FALSE: match fails if a string matches the match pattern.
A list of match specifications may be codified in a string formatted as
a vertical tab (VT) separated list of substrings as follows:
OptionString <VT> PatternString [ <VT> OptionString <VT> PatternString ...]
Non-empty option strings may contain only the following characters:
'r' - Match pattern is a regular expression [default]
'w' - Match pattern is a wildcard expression
's' - Match pattern is a simple substring
'c' - Letter case variants are distinct (e.g. case-sensitive) [default]
'i' - Letter case variants are equivalent (e.g. case-insensitive)
'e' - All letter & number character variants are equivalent
'=' - Match succeeds if pattern matches [default]
'!' - Match fails if pattern matches (inverted match)
Options set in option string remain in effect until subsequently overridden.
While option strings may be empty, pattern strings may not be empty. Backslash
characters in pattern strings should be represented by "\\"; all other characters
should be specified literally.
The following is an example of a string representing a match specification list
intended to apply to file names
w .* e e* cr ~$ \\.[0-9]+
The corresponding match specification list will match as follows:
* All "dotfiles" would be matched with wildcard matching.

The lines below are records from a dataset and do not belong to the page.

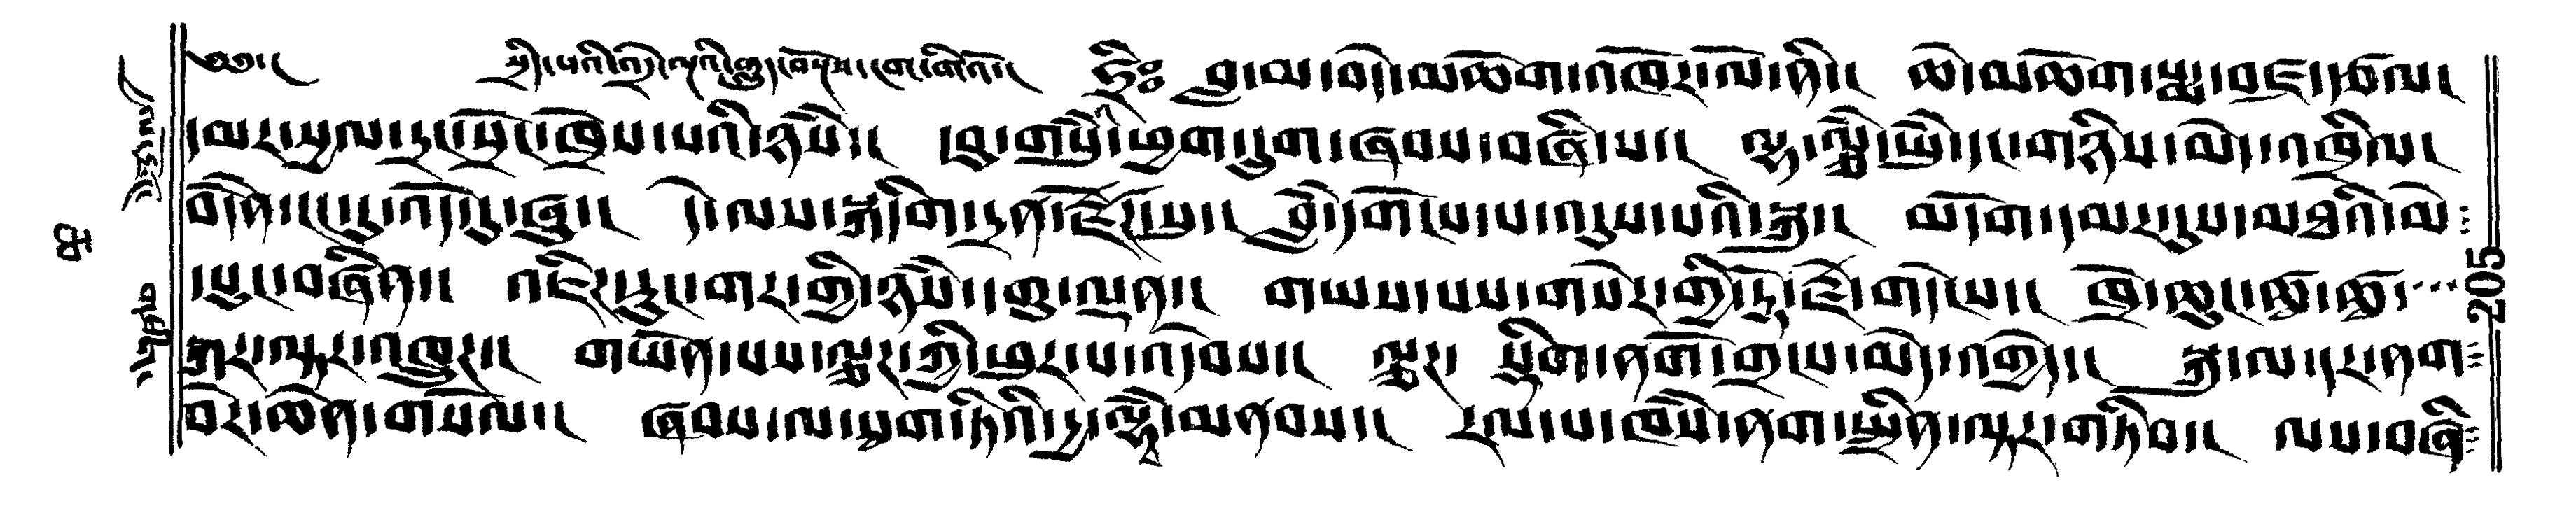༄༅། སྲིད་པའི་འདྲེ་ལྔའི་གླུད་བསྔོས་བཞུགས།། ཧྲཱིཿ བླ་མ་བདེ་མཆོག་འཁོར་ལོ་ནི། །ཆེ་མཆོག་པདྨ་བཛྲ་རྩལ། །
དམར་གསལ་དྲང་སྲོང་ཁྲོས་པའི་ཉམས། །དབུ་གསུམ་ཕྱག་དྲུག་ཞབས་བཞི་པ། །ལྷ་ལྕམ་ཡུམ་དང་གཉིས་མེད་འཁྲིལ། །
བདེ་ཆེན་ངང་དུ་འོད་དུ་ཞུ། །དེ་ལས་སྐད་ཅིག་དྲན་རྫོགས་སུ། །བླ་མ་དགོངས་པ་འདུས་པའི་སྐུ། །མདོག་དམར་དུས་མཐའི་མེ་
དཔུང་བཞིན། །འཇིགས་རུང་གར་གྱི་ཉམས་དགུ་ལྡན། །གཡས་པས་གསེར་གྱི་རྡོ་རྗེ་གདེངས། །ཁྲོ་ཆུང་ཚྭ་ཚྭ་
སྐར་ལྟར་འཁྲུགས། །གཡོན་པས་ལྕགས་ཀྱི་ཕུར་པ་འདེབས། །ལྕགས་སྡིག་ནག་པོ་གྲངས་མེད་འགྱེད། །སྐུ་ལ་དར་ནག་
བེར་ཆེན་གསོལ། །ཞབས་ལ་སྭག་ཏིའི་རྒྱ་ལྷྭམ་མནབས། །རལ་པ་ཁམས་ནག་སྤྲིན་ལྟར་གཏིབ། །ལས་བཞི་

* All filenames beginning with an equivalent variant of the letter 'e'
(e.g. 'e','ê','Ě','') would be matched with wildcard matching.

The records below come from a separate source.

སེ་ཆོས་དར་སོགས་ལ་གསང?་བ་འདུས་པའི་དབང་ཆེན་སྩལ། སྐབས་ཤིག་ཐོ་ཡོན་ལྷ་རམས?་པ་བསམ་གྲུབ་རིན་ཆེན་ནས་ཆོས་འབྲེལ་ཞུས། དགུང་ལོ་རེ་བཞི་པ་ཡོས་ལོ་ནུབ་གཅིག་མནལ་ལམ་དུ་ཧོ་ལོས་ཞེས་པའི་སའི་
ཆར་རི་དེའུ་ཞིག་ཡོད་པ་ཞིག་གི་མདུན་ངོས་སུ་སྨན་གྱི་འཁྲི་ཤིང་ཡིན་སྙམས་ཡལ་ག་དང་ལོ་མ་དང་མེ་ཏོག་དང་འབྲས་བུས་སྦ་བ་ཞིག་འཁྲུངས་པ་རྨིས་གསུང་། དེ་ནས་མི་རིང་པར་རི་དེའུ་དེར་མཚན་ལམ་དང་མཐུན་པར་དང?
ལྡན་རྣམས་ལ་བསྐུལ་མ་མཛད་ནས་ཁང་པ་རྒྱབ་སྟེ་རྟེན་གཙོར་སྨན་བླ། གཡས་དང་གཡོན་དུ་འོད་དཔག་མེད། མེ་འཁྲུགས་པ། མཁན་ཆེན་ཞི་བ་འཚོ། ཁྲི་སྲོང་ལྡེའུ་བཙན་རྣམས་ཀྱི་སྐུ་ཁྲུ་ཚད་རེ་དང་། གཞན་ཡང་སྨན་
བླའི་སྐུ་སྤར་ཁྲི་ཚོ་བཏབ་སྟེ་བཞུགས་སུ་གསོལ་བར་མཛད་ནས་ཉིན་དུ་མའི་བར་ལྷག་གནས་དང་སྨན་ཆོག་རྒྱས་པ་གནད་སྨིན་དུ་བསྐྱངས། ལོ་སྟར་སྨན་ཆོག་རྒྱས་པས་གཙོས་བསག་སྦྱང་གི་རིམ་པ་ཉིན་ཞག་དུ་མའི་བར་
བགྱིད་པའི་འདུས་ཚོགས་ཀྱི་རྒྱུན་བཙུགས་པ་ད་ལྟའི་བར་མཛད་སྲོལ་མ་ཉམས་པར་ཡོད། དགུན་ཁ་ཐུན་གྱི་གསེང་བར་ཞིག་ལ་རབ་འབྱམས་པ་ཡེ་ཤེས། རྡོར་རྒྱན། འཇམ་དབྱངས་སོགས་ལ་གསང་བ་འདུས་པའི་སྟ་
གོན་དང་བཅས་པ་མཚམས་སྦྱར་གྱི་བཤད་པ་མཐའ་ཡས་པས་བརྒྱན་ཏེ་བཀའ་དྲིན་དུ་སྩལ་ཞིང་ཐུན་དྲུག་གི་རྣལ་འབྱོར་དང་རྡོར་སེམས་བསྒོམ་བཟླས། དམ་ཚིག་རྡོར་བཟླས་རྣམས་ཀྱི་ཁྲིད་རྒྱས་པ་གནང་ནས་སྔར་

* All file names ending with '~' (e.g kwrite backup names) would be
matched with case-sensitive regex matching.
* All file names having a numeric digit filename suffix (e.g. wget backup
files) would be matched with case-sensitive regex matching.

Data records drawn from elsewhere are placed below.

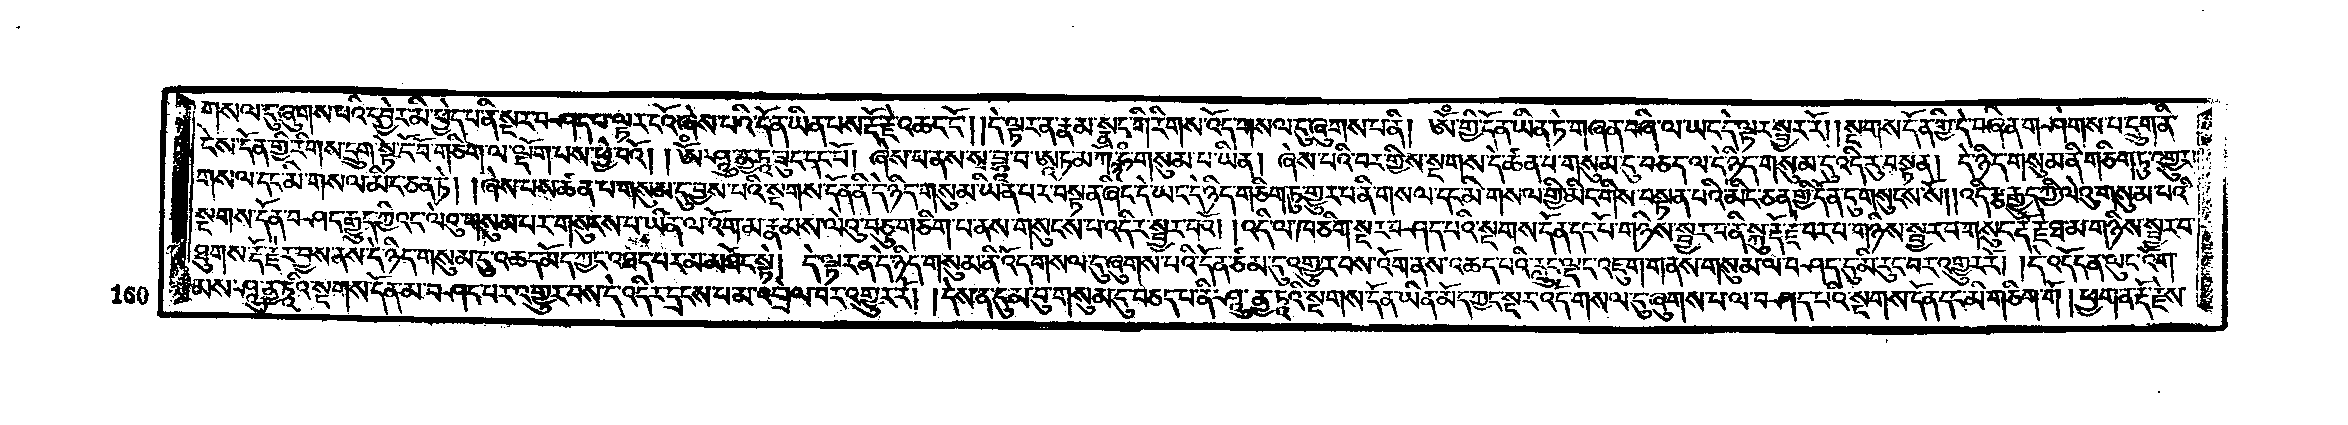གསལ་དུ་ཞུགས་པའི་དབྱེར་མི་ཕྱེད་པ་ནི་སྔར་བཤད་པ་ལྟར་ངའོ་ཞེས་པའི་དོན་ཡིན་པས་རྡོ་རྗེ་འཆང་ངོ། །དེ་ལྟར་ན་རྣམ་སྣང་གི་རིགས་འོད་གསལ་དུ་ཞུགས་པ་ནི། ཨོཾ་གྱི་དོན་ཡིན་ཏེ་གཞན་བཞི་ལ་ཡང་དེ་ལྟར་སྦྱར་རོ། །སྔགས་དོན་གྱི་དེ་བཞིན་གཤེགས་པ་དྲུག་ནི་
ངེས་དོན་གྱི་རིགས་དྲུག་སྟེ་ངོ་བོ་གཅིག་ལ་ལྡོག་པས་ཕྱེ་བའོ། །ཨོཾ་ཤཱུ་ཉ་ཏཱ་ཟུང་དང་པོ། ཞེས་པ་ནས་སྭ་བྷཱ་བ་ཨཱཏ་མ་ཀོ་?་ཧཾ་གསུམ་པ་ཡིན། ཞེས་པའི་བར་གྱིས་སྔགས་དེ་ཚན་པ་གསུམ་དུ་བཅད་ལ་དེ་ཉིད་གསུམ་དུ་འདི་རུ་བསྟན། དེ་ཉིད་གསུམ་ནི་གཅིག་ཏུ་འགྱུར།།
གསལ་དང་མི་གསལ་མིང་ཅན་ཏེ། །ཞེས་པས་ཚན་པ་གསུམ་དུ་བྱས་པའི་སྔགས་དོན་ནི་དེ་ཉིད་གསུམ་ཡིན་པར་བསྟན་ཞིང་དེ་ཡང་དེ་ཉིད་གཅིག་ཏུ་གྱུར་པ་ནི་གསལ་དང་མི་གསལ་གྱི་མིང་གིས་བསྟན་པའི་མིང་ཅན་གྱི་དོན་དུ་གསུངས་སོ། །འདི་རྩ་རྒྱུད་ཀྱི་ལེའུ་གསུམ་པའི་
སྔགས་དོན་བཤད་རྒྱུད་ཀྱིའང་ལེའུ་གསུམ་པར་གསུངས་པ་ཡིན་ལ་འོག་མ་རྣམས་ལེའུ་བཅུ་གཅིག་པ་ནས་གསུངས་པ་འདིར་སྦྱར་བའོ། འདི་ལ་ཁ་ཅིག་སྔར་བཤད་པའི་སྔགས་དོན་དང་པོ་གཉིས་སྦྱར་བ་ནི་སྐུ་རྡོ་རྗེ་བར་པ་གཉིས་སྦྱར་བ་གསུང་རྡོ་རྗེ་ཐ་མ་གཉིས་སྦྱར་བ་
ཐུགས་རྡོ་རྗེར་བྱས་ནས་དེ་ཉིད་གསུམ་དུ་འཆད་མོད་ཀྱང་འཐད་པར་མ་མཐོང་སྟེ། དེ་ལྟར་ན་དེ་ཉིད་གསུམ་ནི་འོད་གསལ་དུ་ཞུགས་པའི་དོན་ཙམ་དུ་འགྱུར་བས་འོག་ནས་འཆད་པའི་རླུང་ལྡང་འཇུག་གནས་གསུམ་ལ་བཤད་དུ་མི་རུང་བར་འགྱུར་རོ། །དེ་འདོད་ན་ལུང་འོག་
མས་ཤཱུ་ཉ་ཏཱའི་སྔགས་དོན་མ་བཤད་པར་འགྱུར་བས་དེ་འདིར་དྲངས་པ་མ་འབྲེལ་བར་འགྱུར་རོ། །དེས་ན་དུམ་བུ་གསུམ་དུ་བཅད་པ་ནི་ཤཱུ་ཉ་ཏཱི་སྔགས་དོན་ཡིན་མོད་ཀྱང་སྔར་འོད་གསལ་དུ་ཞུགས་པ་ལ་བཤད་པའི་སྔགས་དོན་དང་མི་གཅིག་གོ། ཕྱག་ན་རྡོ་རྗེས་

Applications may set and get match specification lists either directly or
indirectly (as a match specification list string).The matching functions
provided are:
matchAny(): strings match if they match any pattern in list.
matchAll(): strings match only if the match all patterns in list.
IMPLEMENTATION NOTES:
* Wildcard match patterns are currently limited to POSIX wildcards.
Extended wildcard-like expressions are not currently supported
(e.g. Bash globstar, extglob, brace expansion).
* Wildcard match patterns are currently converted to regular
expressions and processed as such instead of using dedicated
functions such as fnmatch(3) or glob(3). This may change in
the future.
* Regular expressions are currently supported by TQRegExp and are
thereby subject to its limitations and bugs. This may be changed
in the future (e.g. direct access to pcre2(3), porting of Qt
QRegularExpression).
* Simple substrings are also supported as match patterns. These are
currently processed by the TQString.find() function. In the future,
these may be converted and processed by the underlying Regex engine,
depending on the tradeoff between code simplification and efficiency.
* Alphanumeric equivalence is conceptually similar to [=x=] POSIX
equivalence class bracket expressions (which are not supported)
but is intended to apply globally in patterns. The following
are caveats when this option is utilized:
- There is potentially significant overhead due to the fact that
match patterns and match strings must be converted prior to
matching. Conversion requires character-by-character lookup
and replacement using a pre-built table.
- The table contains equivalents for [0-9A-Z] which should work
well for Latin-derived languages. It also contains support for
other numeric and non-latin letter characters, the efficacy of
which is not as certain.
- Due to the 16-bit size limitation of TQChar, the table does not
contain mappings for codepoints greater than U+FFFF.
* The choice of VT as the match specification string separator was
based on the following considerations:
- It is a control character that is unlikely to occur in a pattern.
If it is desired to match the VT character, then that can be done
in a regular expression by specifying '\v'.
- Unlike the potentially more readable HT, TDEConfig will not attempt
to escape it when storing strings containing it.
- Unlike other control characters, files containing text with that
character are less likely to be misidentified as binary.
- Most common text editors (and `less`) represent that character as
a symbol that can be copied and pasted.
- Text containing that character displays predictably in a terminal.